Chronicles of the Heart, Part 39 – tweaking the new meds…

The new meds, as per Chronicles 38, are a beta-blocker (Nebivolol), and a calcium channel blocker (Adizem).

Now, until my GP stopped my calcium channel blocker about March last year, claiming they were a danger in heart failure (I checked, they are), I’d taken this class of drug for about 10-12 years, without it having the slightest effect on my chronic tachycardia. It did, though, via the same mechanism that relaxes the smooth muscle of the vascular system, reducing the risk of angina, improve my breathing quite considerably, as it also acts on the smooth muscle of the bronchi.

My chronic tachycardia – and I have yet to meet a cardiologist, physician, or nurse, who can actually grasp this – is not pathological, it’s drug-induced. Both my Salbutamol inhaler (Ventolin), and Phyllocontin Continus, cause tachycardia, possibly others do too, I haven’t checked. It’s not a secret, it’s in the literature, so why don’t they know this (or, if they know, why don’t they care?).

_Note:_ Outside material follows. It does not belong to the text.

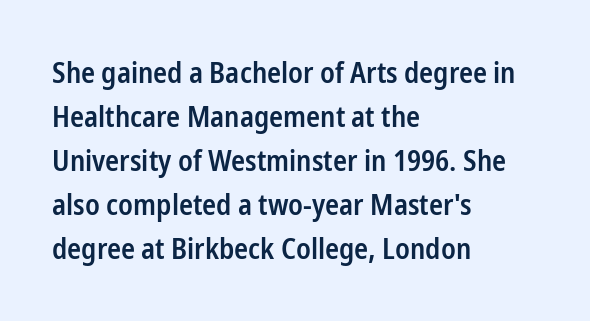
{"serif": "no", "italic": "no", "bold": "semi", "weight": "semibold", "width": "condensed", "stroke_contrast": "low", "x_height": "medium", "monospaced": "no", "underline": "no", "align": "left", "line_spacing": "normal", "line_spacing_ratio": 1.52, "letter_spacing": "normal", "letter_spacing_em": 0.0, "glyph_px": 29}
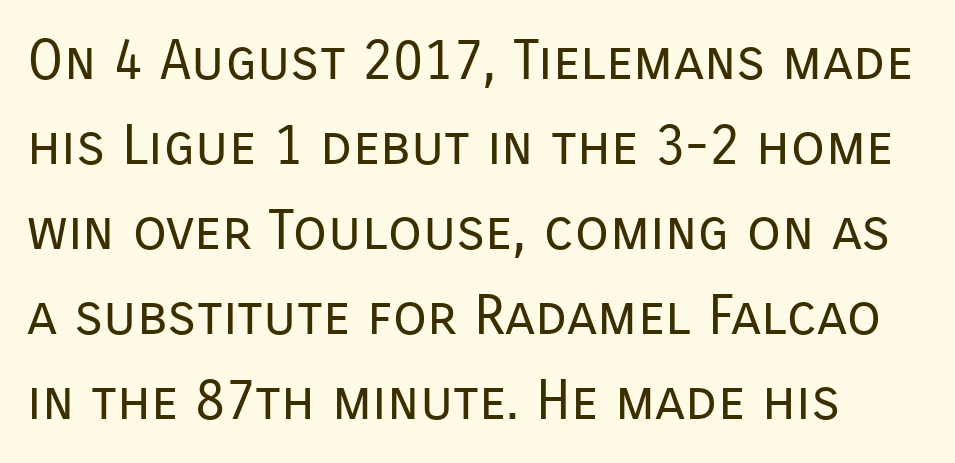
The typography opts for an upright posture over an oblique one. This sample has the flowing, uneven cadence of proportional lettering. Is the letter spacing exaggerated? No — it looks like the ordinary default. The specimen omits any rule beneath the text block's lines. Stem width sits at or under what a default text font uses.

So it was with some trepidation that I embarked on this new meds regime to bring my heart rate down, I have, after all, lived with a resting heart rate of between 95 and 120 bpm for many years, even when I was super-fit and extremely active it was 120, and it appears to have done me no harm. I did, though, once ask my GP if hammering along at this rate would cause my heart to “wear out” prematurely, to which he’d only say that it was an interesting idea.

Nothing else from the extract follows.